The research landscape surrounding long COVID is rapidly expanding, exploring the complexities of this condition to uncover why it manifests so variably among individuals. This variability underscores the critical role of genetics and the immune system in influencing the range of responses observed in long COVID patients. Currently, approximately 90 studies are underway, aiming to identify effective treatments for long COVID. These efforts, however, are in their nascent stages and will require time to yield clinically actionable insights.

The approach to managing long COVID, for now, remains symptomatically focused, adopting a holistic strategy that addresses the multifaceted nature of the condition. Treatments being explored include the use of compression stockings, physical therapy, activity pacing, flexibility and strength training, and specific medications tailored to alleviate symptoms.

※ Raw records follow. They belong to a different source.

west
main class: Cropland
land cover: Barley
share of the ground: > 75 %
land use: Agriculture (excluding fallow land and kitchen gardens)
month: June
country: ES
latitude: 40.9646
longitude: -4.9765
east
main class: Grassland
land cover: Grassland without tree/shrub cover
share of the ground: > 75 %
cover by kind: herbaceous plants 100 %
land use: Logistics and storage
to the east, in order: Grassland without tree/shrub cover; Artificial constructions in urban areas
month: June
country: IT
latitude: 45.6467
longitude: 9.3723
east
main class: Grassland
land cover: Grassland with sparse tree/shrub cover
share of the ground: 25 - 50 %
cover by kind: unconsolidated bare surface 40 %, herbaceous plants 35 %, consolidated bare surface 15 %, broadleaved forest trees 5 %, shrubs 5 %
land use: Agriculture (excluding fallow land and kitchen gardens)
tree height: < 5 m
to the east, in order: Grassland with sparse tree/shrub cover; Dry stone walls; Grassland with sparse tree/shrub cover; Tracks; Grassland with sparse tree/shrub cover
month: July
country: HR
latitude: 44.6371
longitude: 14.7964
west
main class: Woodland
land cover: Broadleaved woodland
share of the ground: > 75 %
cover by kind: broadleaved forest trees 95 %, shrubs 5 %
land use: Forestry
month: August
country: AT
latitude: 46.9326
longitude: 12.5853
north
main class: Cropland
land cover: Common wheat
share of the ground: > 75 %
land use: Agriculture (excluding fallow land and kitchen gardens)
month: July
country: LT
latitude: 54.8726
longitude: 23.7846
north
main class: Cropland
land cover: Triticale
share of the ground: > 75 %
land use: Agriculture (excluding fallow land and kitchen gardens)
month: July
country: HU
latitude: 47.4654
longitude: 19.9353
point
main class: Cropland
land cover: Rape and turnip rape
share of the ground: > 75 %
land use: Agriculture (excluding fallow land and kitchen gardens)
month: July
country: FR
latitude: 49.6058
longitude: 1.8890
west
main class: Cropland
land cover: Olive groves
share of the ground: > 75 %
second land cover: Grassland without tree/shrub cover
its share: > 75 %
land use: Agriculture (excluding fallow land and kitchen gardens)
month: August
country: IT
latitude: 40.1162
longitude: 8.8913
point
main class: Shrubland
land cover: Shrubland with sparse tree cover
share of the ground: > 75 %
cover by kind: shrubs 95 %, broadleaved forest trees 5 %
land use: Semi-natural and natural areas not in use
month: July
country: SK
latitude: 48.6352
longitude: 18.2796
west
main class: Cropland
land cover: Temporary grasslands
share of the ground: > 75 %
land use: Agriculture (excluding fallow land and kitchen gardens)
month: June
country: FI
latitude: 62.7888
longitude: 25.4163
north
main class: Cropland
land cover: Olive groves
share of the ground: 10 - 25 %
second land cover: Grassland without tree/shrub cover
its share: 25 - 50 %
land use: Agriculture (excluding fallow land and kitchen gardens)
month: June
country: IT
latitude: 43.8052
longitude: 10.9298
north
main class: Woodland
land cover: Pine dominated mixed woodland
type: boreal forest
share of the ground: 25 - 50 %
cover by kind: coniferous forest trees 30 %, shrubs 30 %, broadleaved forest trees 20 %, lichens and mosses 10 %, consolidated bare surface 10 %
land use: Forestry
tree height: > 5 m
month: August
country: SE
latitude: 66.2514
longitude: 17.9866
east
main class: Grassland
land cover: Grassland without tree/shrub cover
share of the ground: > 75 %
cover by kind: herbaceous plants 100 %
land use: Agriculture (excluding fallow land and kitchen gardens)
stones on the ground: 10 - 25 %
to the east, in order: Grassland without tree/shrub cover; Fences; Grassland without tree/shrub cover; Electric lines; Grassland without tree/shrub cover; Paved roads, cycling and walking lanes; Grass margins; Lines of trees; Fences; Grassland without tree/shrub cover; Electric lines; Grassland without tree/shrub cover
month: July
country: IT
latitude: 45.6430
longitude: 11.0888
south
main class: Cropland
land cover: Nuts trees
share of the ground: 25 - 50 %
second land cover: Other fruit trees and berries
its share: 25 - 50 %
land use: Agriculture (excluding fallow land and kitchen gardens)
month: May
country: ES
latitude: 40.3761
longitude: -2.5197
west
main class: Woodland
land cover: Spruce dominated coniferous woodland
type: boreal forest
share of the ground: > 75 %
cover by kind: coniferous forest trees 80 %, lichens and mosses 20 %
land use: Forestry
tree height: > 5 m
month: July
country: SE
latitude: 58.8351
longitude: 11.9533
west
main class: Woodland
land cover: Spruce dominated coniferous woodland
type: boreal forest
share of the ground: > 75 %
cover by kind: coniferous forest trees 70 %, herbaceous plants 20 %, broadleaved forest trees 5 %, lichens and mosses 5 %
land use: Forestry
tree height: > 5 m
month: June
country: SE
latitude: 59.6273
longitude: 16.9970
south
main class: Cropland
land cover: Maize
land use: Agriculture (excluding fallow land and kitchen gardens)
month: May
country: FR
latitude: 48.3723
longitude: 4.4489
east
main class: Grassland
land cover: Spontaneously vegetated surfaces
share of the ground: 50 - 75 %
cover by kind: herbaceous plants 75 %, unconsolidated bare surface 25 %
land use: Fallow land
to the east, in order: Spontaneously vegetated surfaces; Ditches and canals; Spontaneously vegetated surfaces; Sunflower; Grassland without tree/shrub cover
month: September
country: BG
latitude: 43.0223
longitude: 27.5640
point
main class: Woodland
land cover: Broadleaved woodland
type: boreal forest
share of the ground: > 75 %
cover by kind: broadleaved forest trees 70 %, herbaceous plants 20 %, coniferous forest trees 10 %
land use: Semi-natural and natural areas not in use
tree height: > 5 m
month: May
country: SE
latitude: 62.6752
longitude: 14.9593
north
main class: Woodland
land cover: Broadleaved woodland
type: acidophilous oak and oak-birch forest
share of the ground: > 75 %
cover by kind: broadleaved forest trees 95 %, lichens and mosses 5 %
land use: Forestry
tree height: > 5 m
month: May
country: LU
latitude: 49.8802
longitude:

Despite these advancements, the essence of treating long COVID will likely continue to necessitate a multidisciplinary, team-based approach. Such an approach integrates the expertise of various healthcare professionals to address not just the physical aspects of the condition, but also the psychological, social, and rehabilitative needs of patients. 

Conclusion

The exploration into long COVID, a persistent aftermath of the COVID-19 pandemic, underscores a critical frontier in medical research. Immunogenetics, with its potential to explain individual immune responses, will be crucial as we move towards a better understanding of long COVID. As we explore the genetic differences that dictate why some are more susceptible to prolonged symptoms, one truth rises to the top: the future of long COVID treatment is poised to transform from a one-size-fits-all approach to tailored therapies. This shift not only promises more effective management of long COVID but also a more profound understanding of the interaction between our genetics and the diseases we face.